| Data to examine |
************

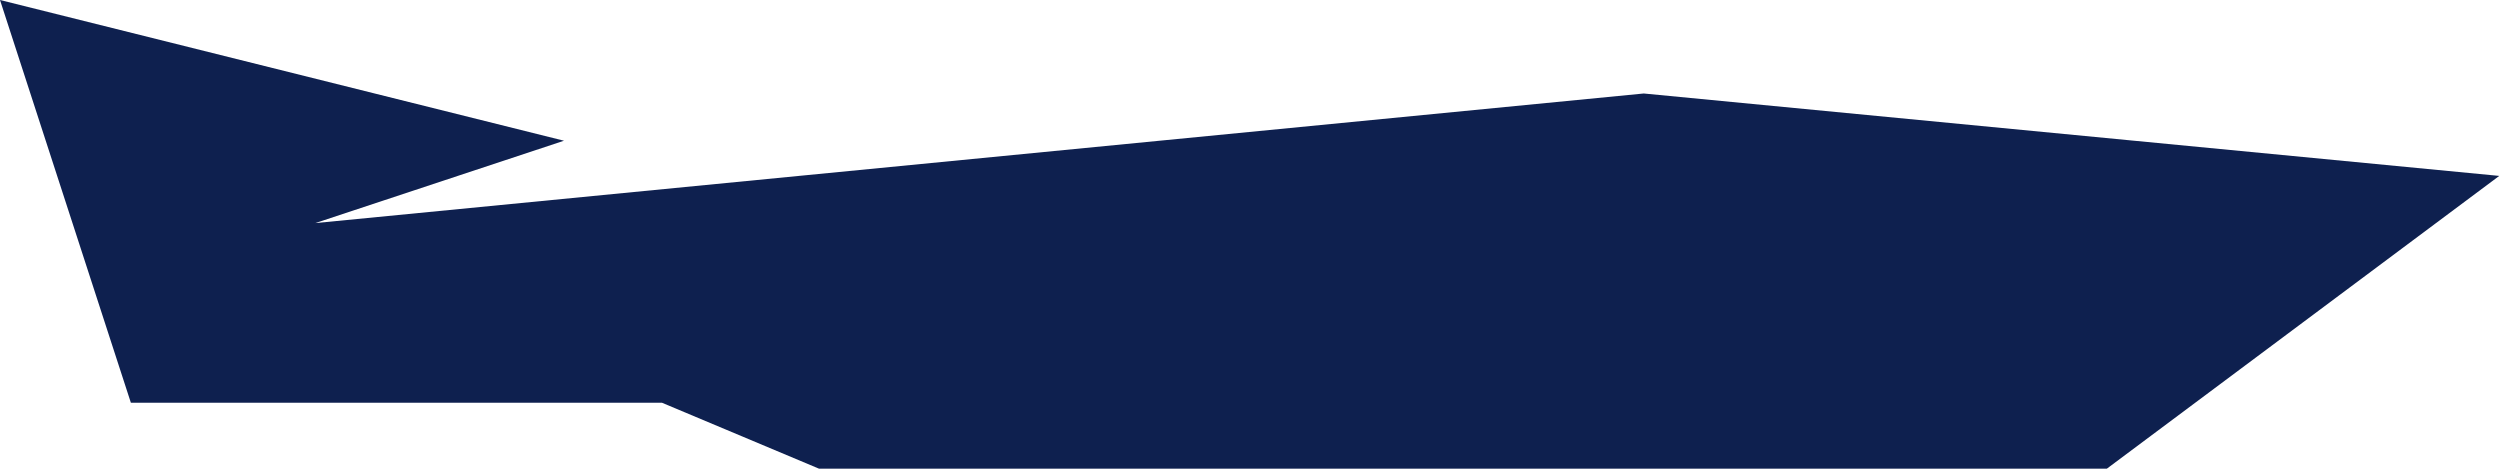 <?xml version="1.0" encoding="UTF-8" standalone="no"?>
<svg width="1969px" height="370px" viewBox="0 0 1969 370" version="1.1" xmlns="http://www.w3.org/2000/svg" xmlns:xlink="http://www.w3.org/1999/xlink">
    <!-- Generator: Sketch 48.2 (47327) - http://www.bohemiancoding.com/sketch -->
    <title>page_divider_DarkBlue</title>
    <desc>Created with Sketch.</desc>
    <defs></defs>
    <g id="Symbols" stroke="none" stroke-width="1" fill="none" fill-rule="evenodd">
        <g id="page_divider_DarkBlue" fill="#0E204F">
            <polygon id="Page-1" points="103.071 317.188 521.347 317.188 645.066 369.131 1659.346 369.131 1968.413 138.542 1294.62 73.634 248.314 175.703 444.206 110.837 0 0"></polygon>
        </g>
    </g>
</svg>
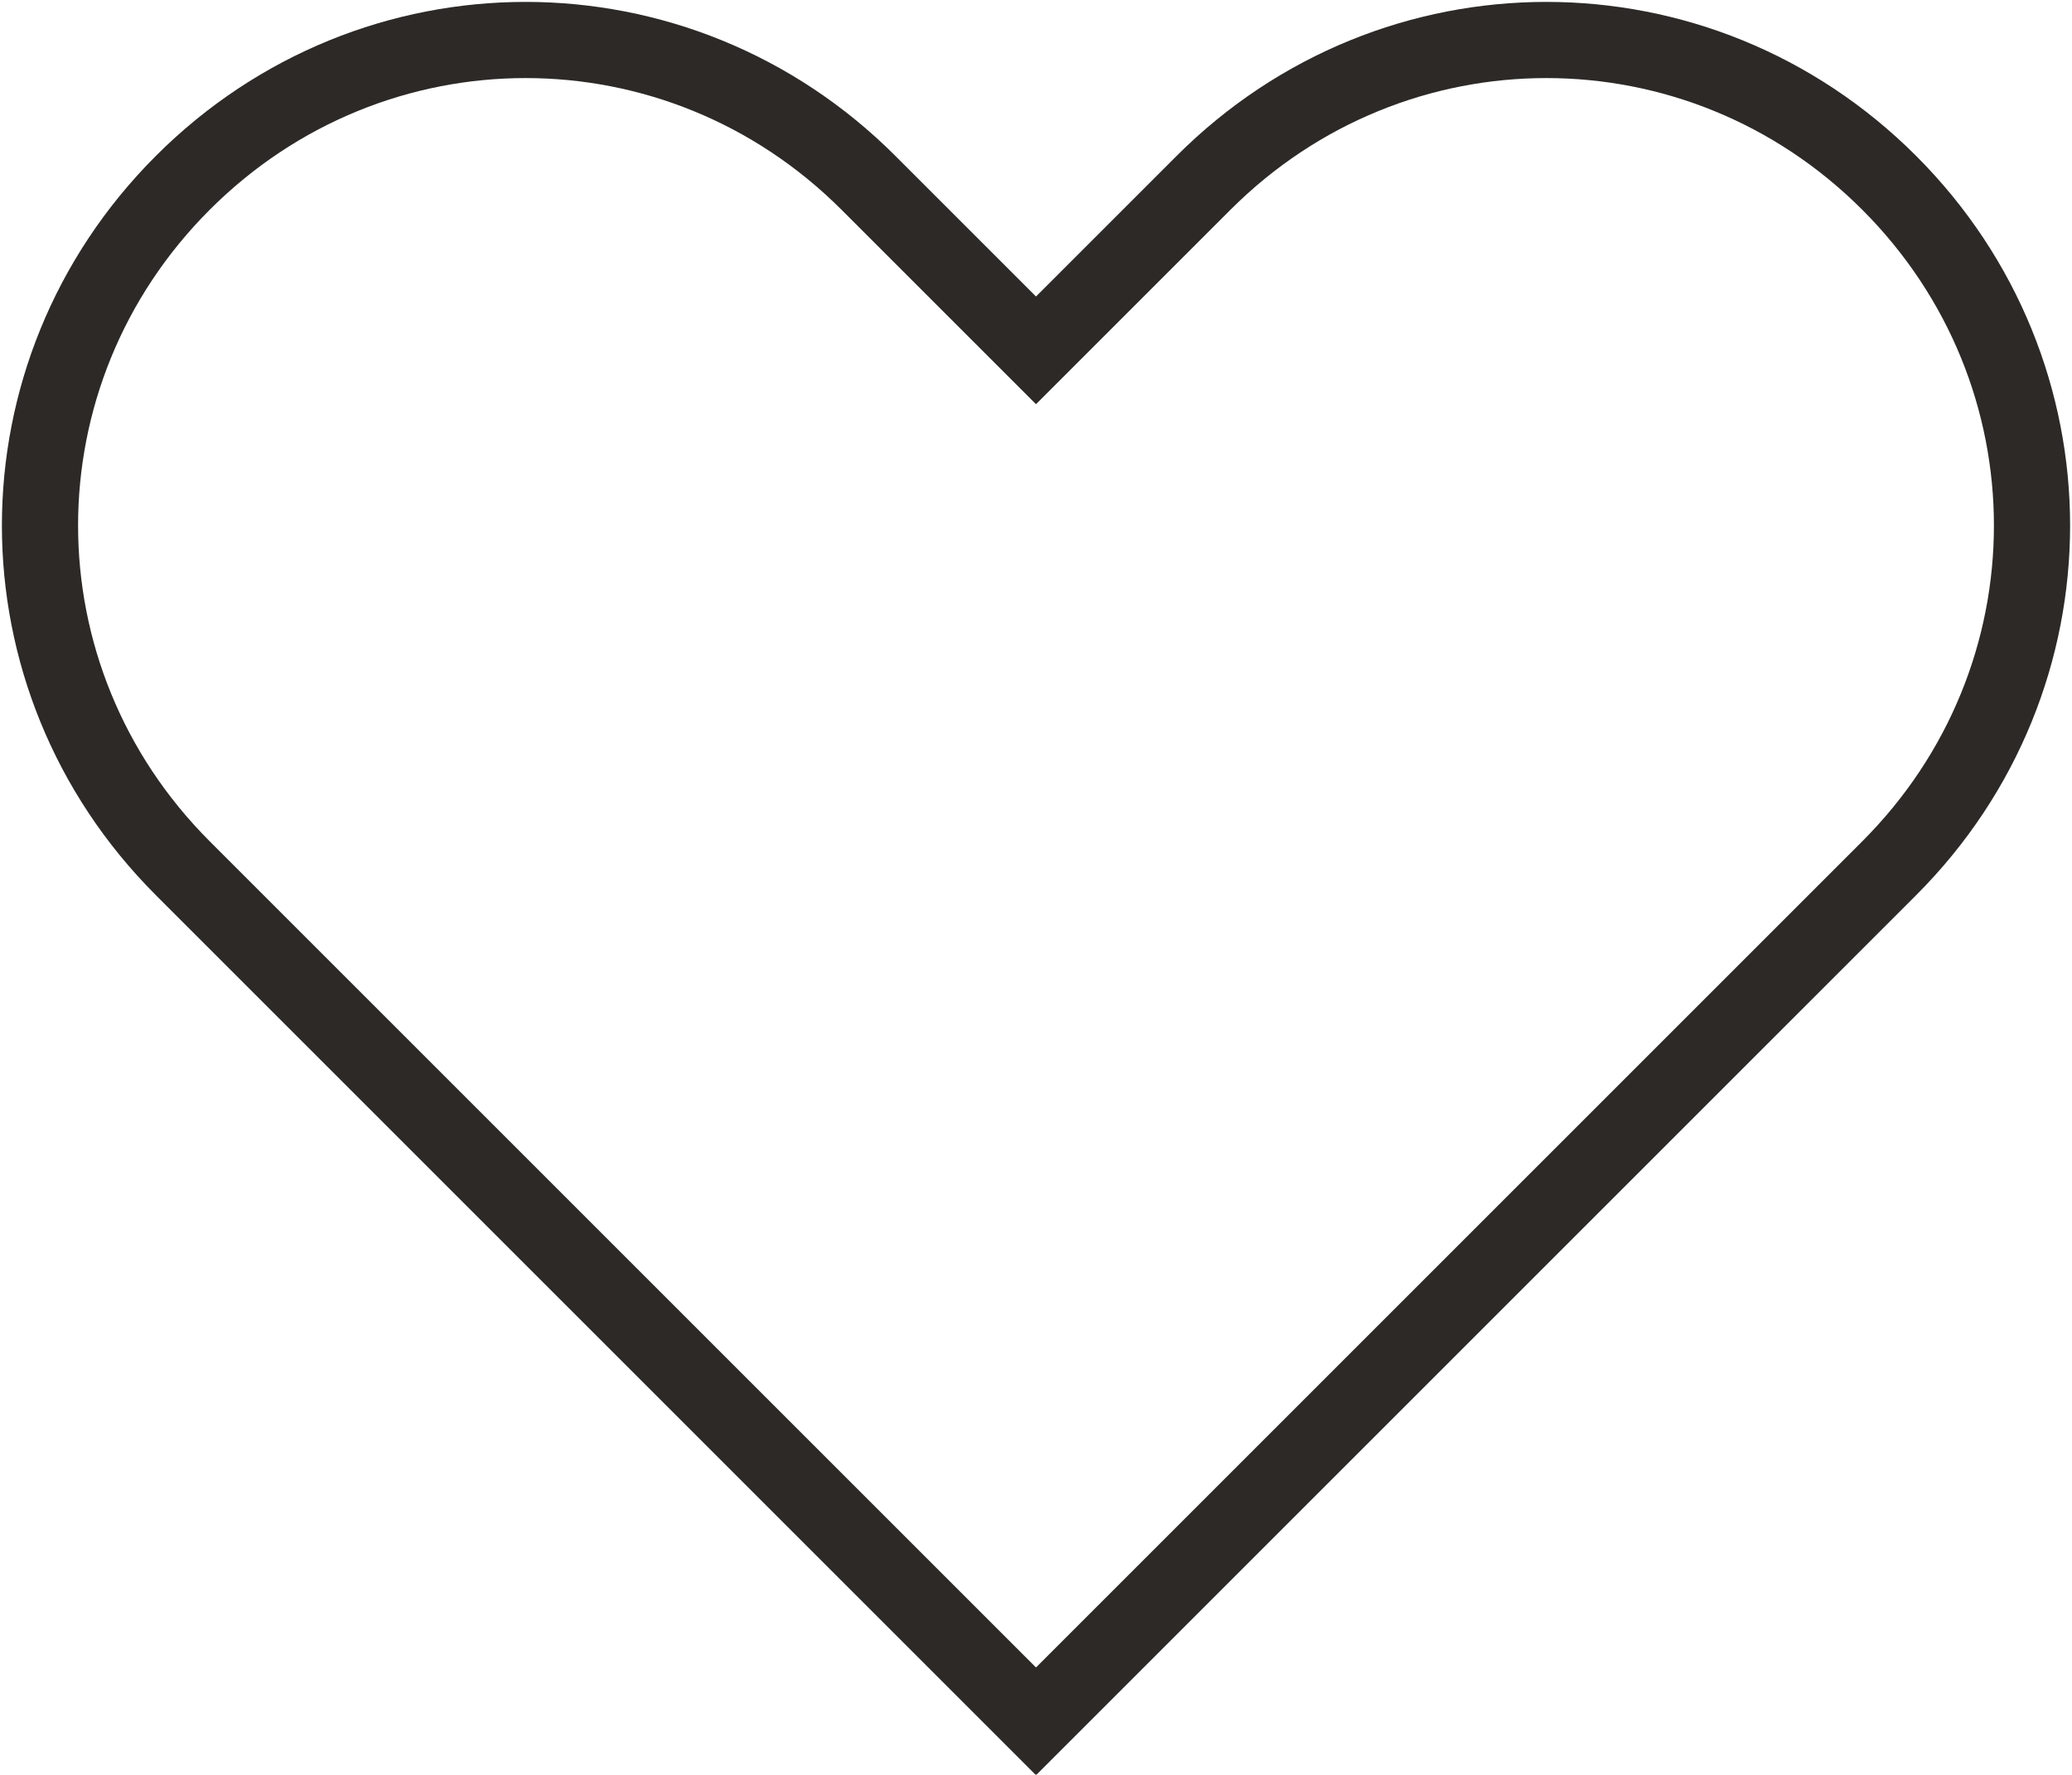 <svg xmlns="http://www.w3.org/2000/svg" width="27.2" height="23.3" viewBox="0 0 27.2 23.3"><path d="M15.8 2.4l-2.2 2.2-2.2-2.2c-2.5-2.5-6.5-2.5-9 0s-2.5 6.5 0 9l2.2 2.2 9 9 9-9 2.2-2.2c2.5-2.5 2.5-6.5 0-9s-6.5-2.5-9 0z" fill="none" stroke="#2c2927" stroke-miterlimit="10"/></svg>

************

| Goal of the exercise |
Wherever the string "Sketch" occurs in a line of the listing above, count that line, and report only the total.

| Answer to this task |
2